Work required:
Give again, word for word, each line below starting at the one that contains "to the east, in" and ending at the one that contains "longitude: 11.5801".

Stored items:
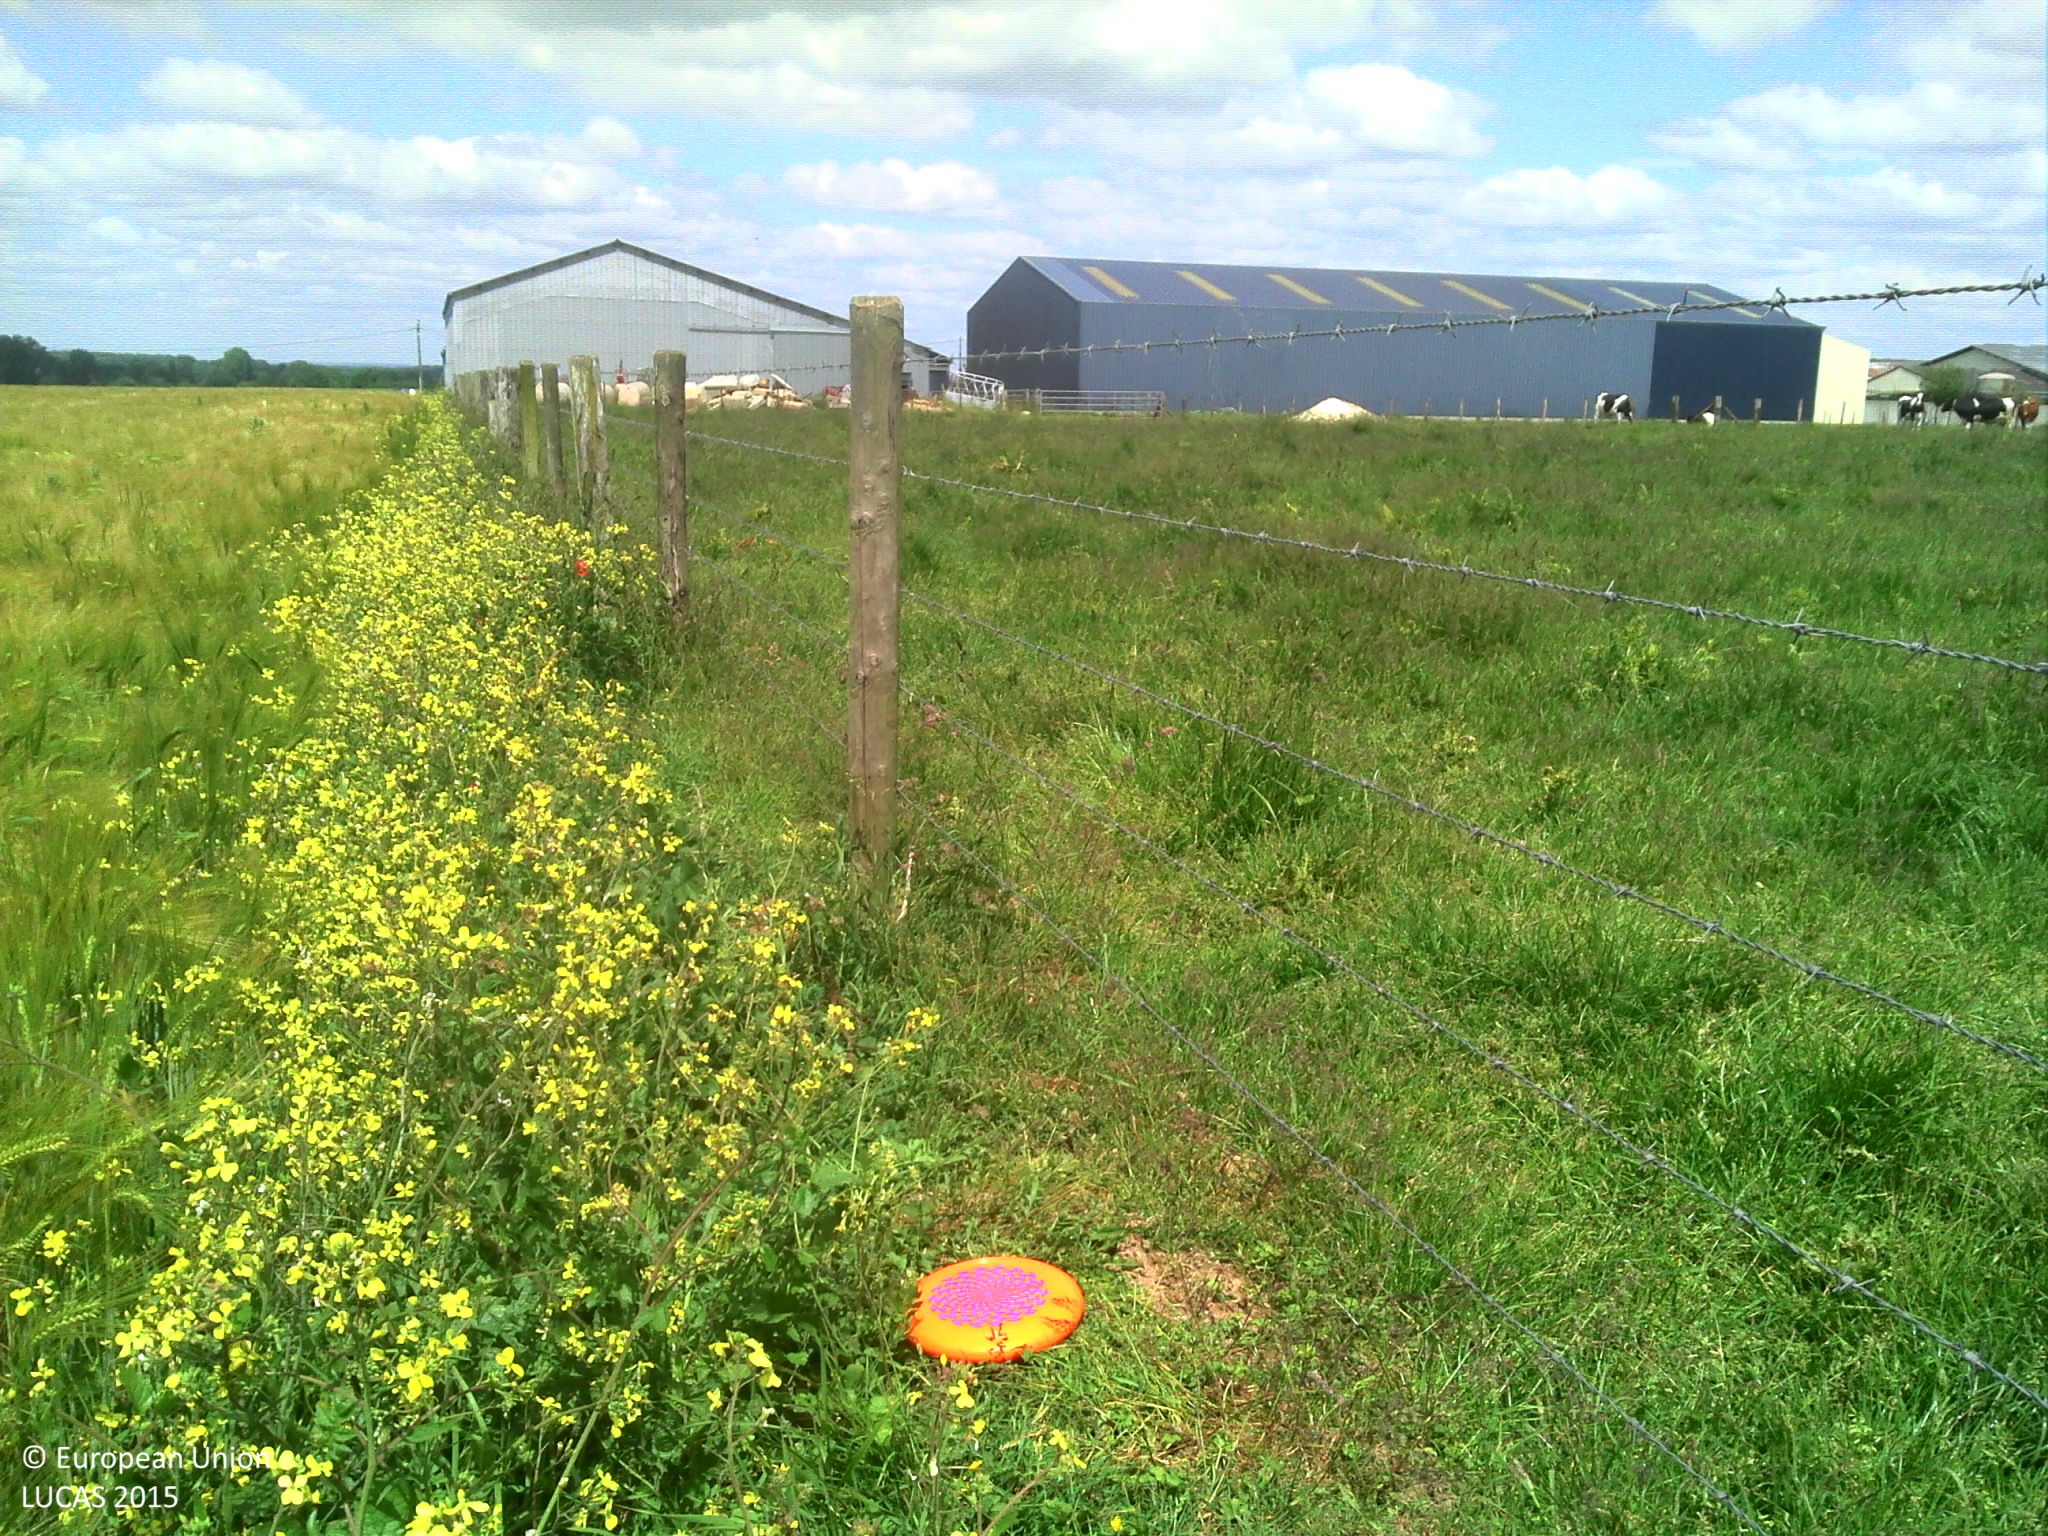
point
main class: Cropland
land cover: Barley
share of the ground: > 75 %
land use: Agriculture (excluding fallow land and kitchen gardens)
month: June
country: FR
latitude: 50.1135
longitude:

==

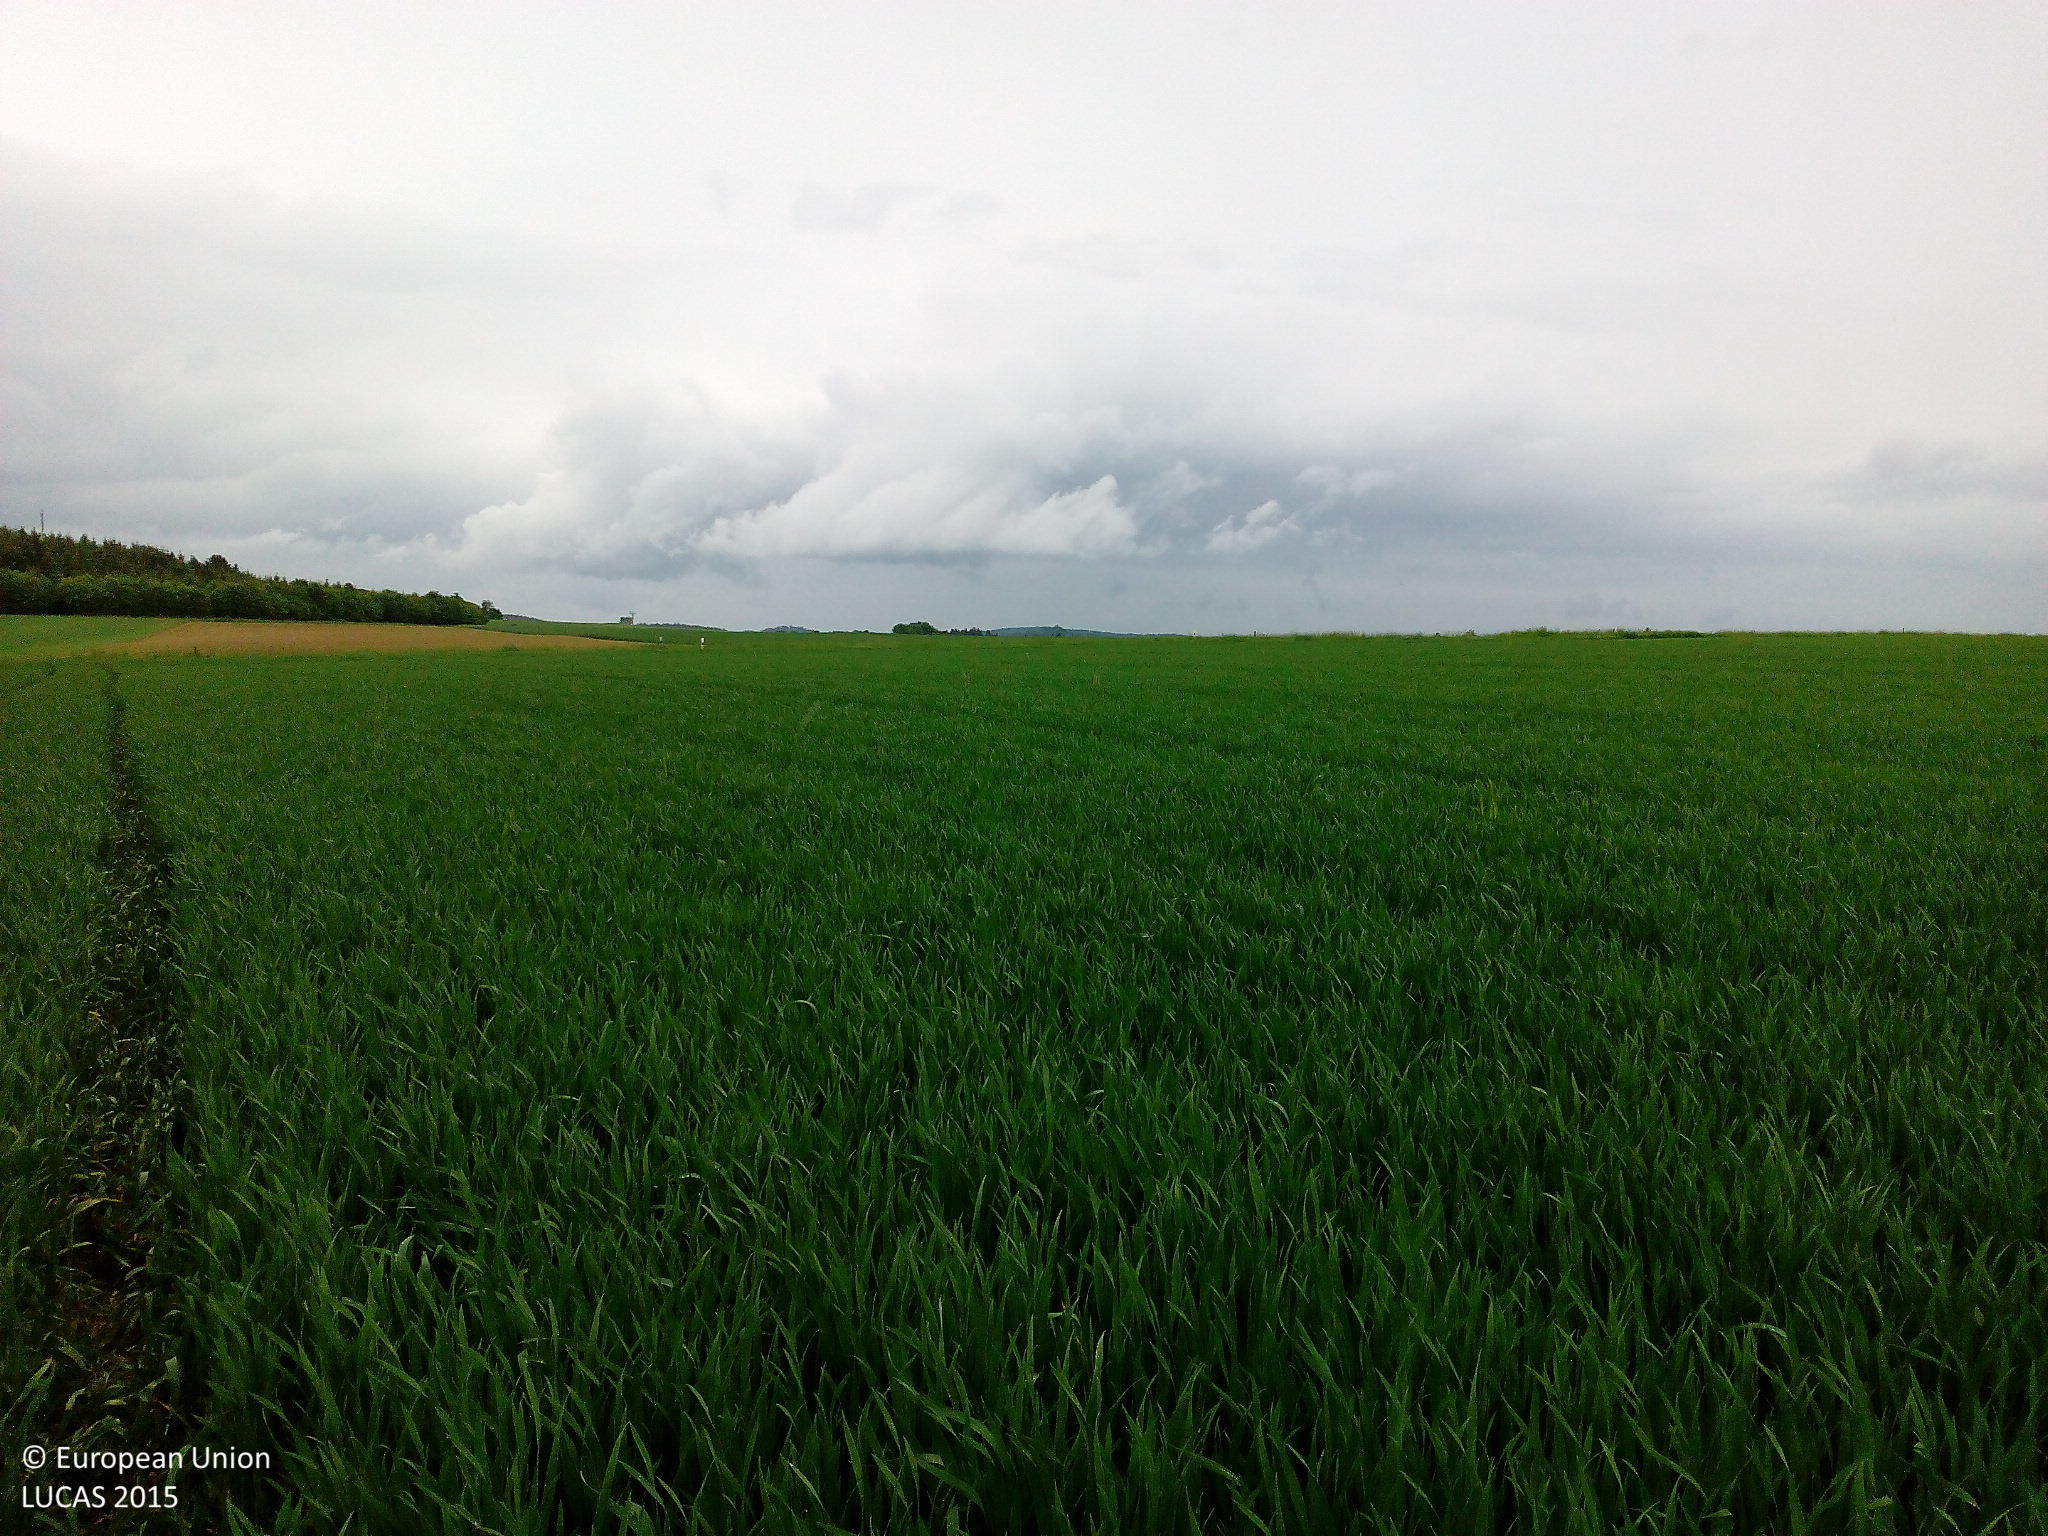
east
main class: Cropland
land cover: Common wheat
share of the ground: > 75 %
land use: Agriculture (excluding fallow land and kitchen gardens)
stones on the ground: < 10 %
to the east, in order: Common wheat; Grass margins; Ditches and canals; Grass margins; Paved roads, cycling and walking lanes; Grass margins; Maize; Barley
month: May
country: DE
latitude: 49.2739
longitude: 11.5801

Exercise output:
to the east, in order: Common wheat; Grass margins; Ditches and canals; Grass margins; Paved roads, cycling and walking lanes; Grass margins; Maize; Barley
month: May
country: DE
latitude: 49.2739
longitude: 11.5801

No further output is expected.